**Supplied data**
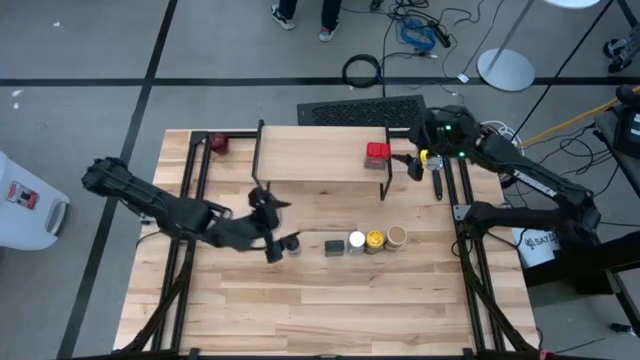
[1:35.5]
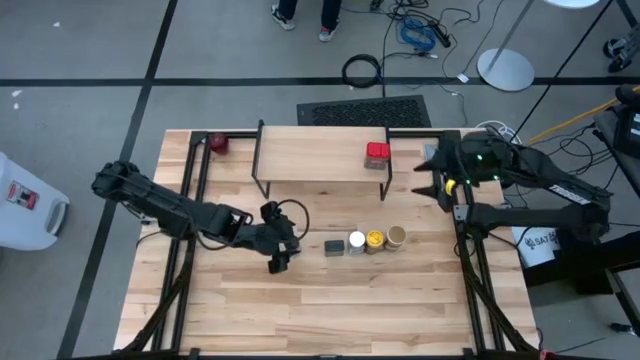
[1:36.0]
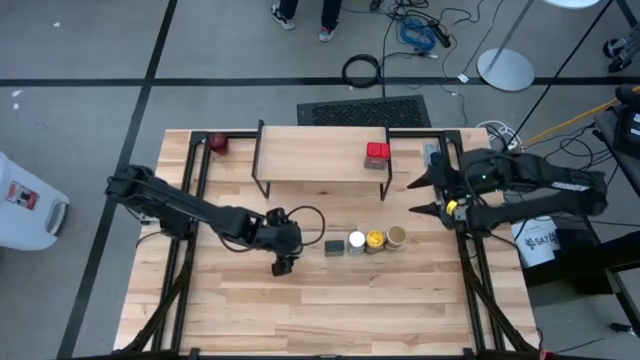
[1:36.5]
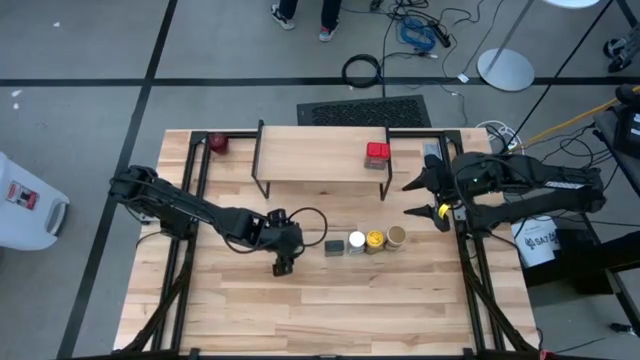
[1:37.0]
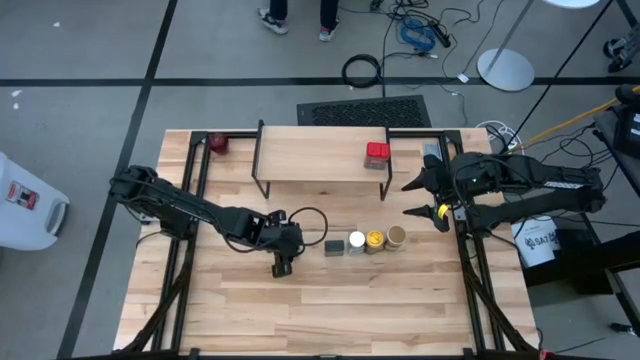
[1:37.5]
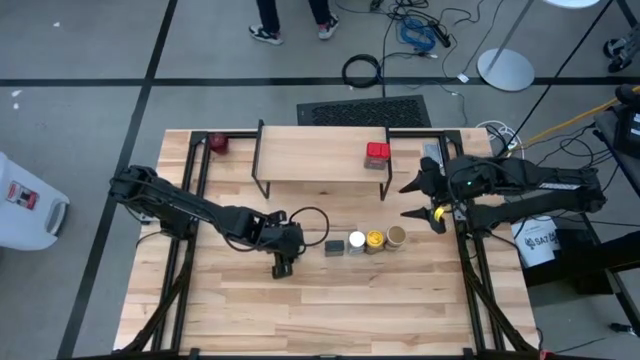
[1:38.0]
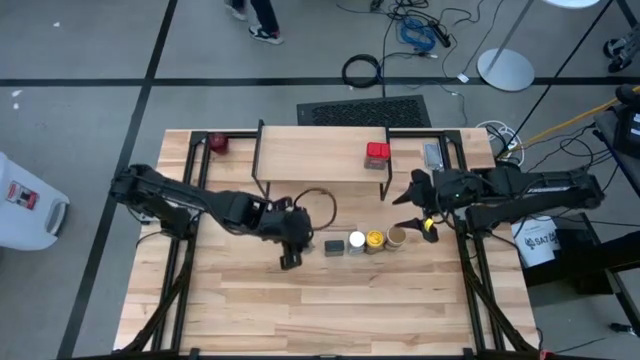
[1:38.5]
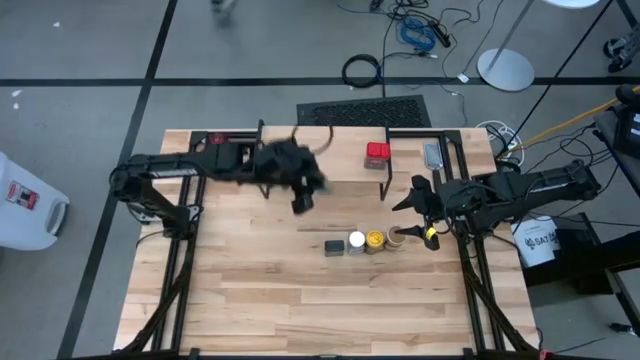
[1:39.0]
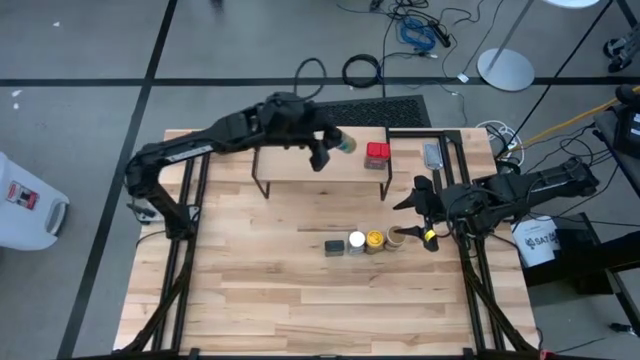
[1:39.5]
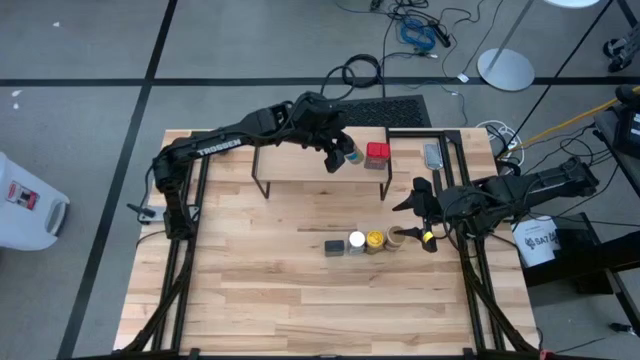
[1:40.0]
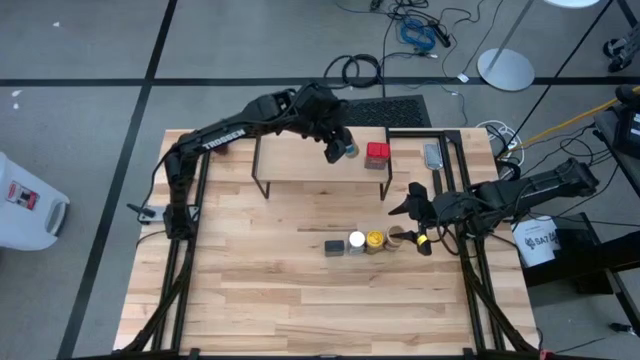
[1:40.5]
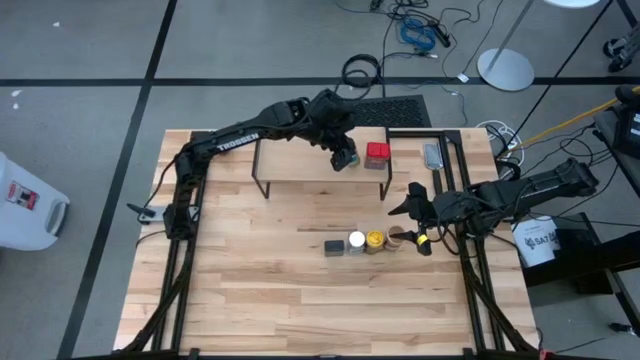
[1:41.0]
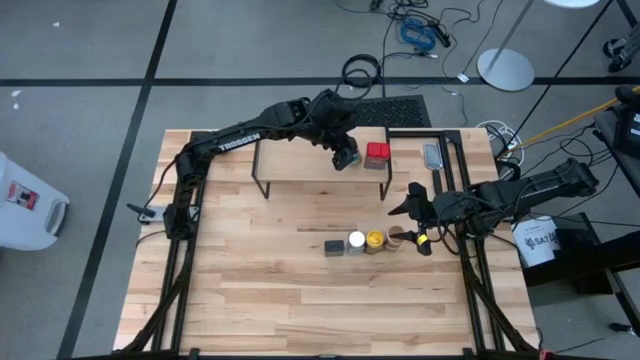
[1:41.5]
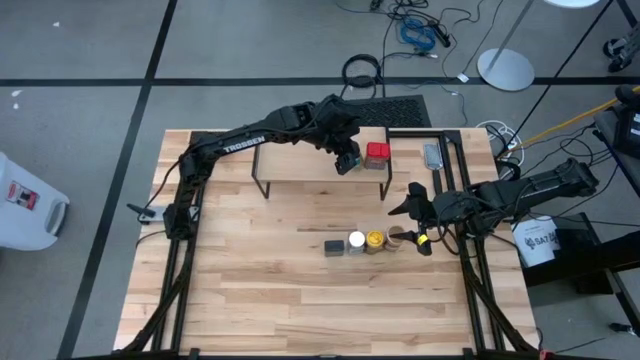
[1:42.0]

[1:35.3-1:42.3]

**What the task asks**
Your answer must be an exact repeat of all the records, minus the pictures.

**Answer box**
[1:35.5]
[1:36.0]
[1:36.5]
[1:37.0]
[1:37.5]
[1:38.0]
[1:38.5]
[1:39.0]
[1:39.5]
[1:40.0]
[1:40.5]
[1:41.0]
[1:41.5]
[1:42.0]

[1:35.3-1:42.3]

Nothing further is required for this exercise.